Que montre la recherche sur le sitkari pranayama ?

Un essai randomisé contrôlé mené par Shetty, Kumar Reddy, Lakshmeesha, Shetty, Selva Kumar et Bradley, publié en 2017 dans Integrative Medicine: A Clinician’s Journal, a testé précisément le duo sheetali et sheetkari (sitkari) pranayamas chez des patients hypertendus, dans un centre de recherche clinique en Inde. Les résultats montrent une baisse significative de la tension artérielle systolique, de la fréquence respiratoire et de la fréquence cardiaque dans le groupe pratiquant ces deux techniques de respiration, comparé au groupe témoin (voir l’étude sur Google Scholar). Il s’agit d’un essai encourageant mais isolé, mené sur un effectif limité : il ne dispense en aucun cas d’un traitement antihypertenseur prescrit ni d’un suivi médical de la tension.

Comment pratiquer une séance simple ?

  • Asseyez-vous confortablement, dos droit, dans une posture stable (méditation ayurvédique ou simplement assis sur une chaise).
  • Serrez légèrement les dents, entrouvrez les lèvres, langue collée au palais supérieur.
  • Inspirez lentement par la petite ouverture entre les dents, en ressentant la fraîcheur de l’air sur la langue.
  • Fermez la bouche, expirez lentement par le nez.
  • Répétez 8 à 12 cycles pour une pratique ponctuelle, davantage pour une cure de fond.

Sitkari ou sitali : lequel choisir ?

Les deux techniques visent le même effet rafraîchissant et peuvent s’utiliser indifféremment selon la préférence personnelle : le sitkari convient mieux à celles et ceux qui ne parviennent pas à enrouler la langue en gouttière (une aptitude génétiquement variable), tandis que le sitali reste la référence historique la plus enseignée. L’étude de Shetty et ses collègues a d’ailleurs testé les deux techniques ensemble, sans chercher à départager leur efficacité respective.

Précautions

Le sitkari pranayama est déconseillé en cas d’asthme ou de sensibilité bronchique au froid, l’air inspiré pouvant déclencher une gêne respiratoire chez les personnes sensibles, ainsi qu’en cas de sensibilité dentaire marquée (le passage d’air froid sur les dents peut être inconfortable) ou de temps très froid. Les personnes déjà en hypotension ou sous traitement antihypertenseur doivent pratiquer avec prudence et surveiller leur tension, l’étude disponible montrant un effet mesurable sur la pression artérielle. Cette pratique ne remplace jamais un traitement médical de l’hypertension ; elle peut l’accompagner, avec l’accord du médecin traitant. Les repères généraux figurent dans notre guide sécurité et précautions.

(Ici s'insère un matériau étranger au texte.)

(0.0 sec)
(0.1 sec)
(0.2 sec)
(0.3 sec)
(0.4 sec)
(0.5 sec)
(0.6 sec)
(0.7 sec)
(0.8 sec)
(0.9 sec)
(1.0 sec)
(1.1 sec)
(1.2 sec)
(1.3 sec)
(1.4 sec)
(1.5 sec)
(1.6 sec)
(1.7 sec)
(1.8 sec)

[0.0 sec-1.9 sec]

Vos questions sur sitkari pranayama

À quelle fréquence pratiquer le sitkari pranayama ?

Quotidiennement pour un usage de fond (5 à 10 minutes), ou ponctuellement en cas de besoin (chaleur, irritabilité, quelques cycles suffisent). Une cure encadrée sur le modèle des études cliniques va jusqu’à 15-20 minutes, 6 jours sur 7.

Quelle est la différence entre sitali et sitkari ?

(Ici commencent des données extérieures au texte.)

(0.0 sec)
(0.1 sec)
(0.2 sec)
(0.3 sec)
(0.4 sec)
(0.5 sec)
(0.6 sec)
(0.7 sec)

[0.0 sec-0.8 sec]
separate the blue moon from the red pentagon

Le sitali se pratique langue enroulée en gouttière, le sitkari dents serrées avec la langue collée au palais. Les deux ont un effet rafraîchissant similaire ; le sitkari convient à celles et ceux qui ne peuvent pas enrouler la langue.

Le sitkari pranayama fait-il baisser la tension ?

Un essai clinique de 2017 a montré une baisse significative de la tension artérielle systolique chez des patients hypertendus pratiquant sitali et sitkari ensemble. Cela ne remplace pas un traitement médical prescrit.

Quand éviter le sitkari pranayama ?

En cas d’asthme, de sensibilité bronchique au froid, de sensibilité dentaire marquée ou par temps très froid. Les personnes en hypotension doivent également pratiquer avec prudence.

Peut-on pratiquer le sitkari le matin en hiver ?

Ce n’est pas idéal : sa nature rafraîchissante peut accentuer une sensation de froid. Il convient mieux en été, aux heures chaudes, ou en cas d’excès de Pitta marqué quelle que soit la saison.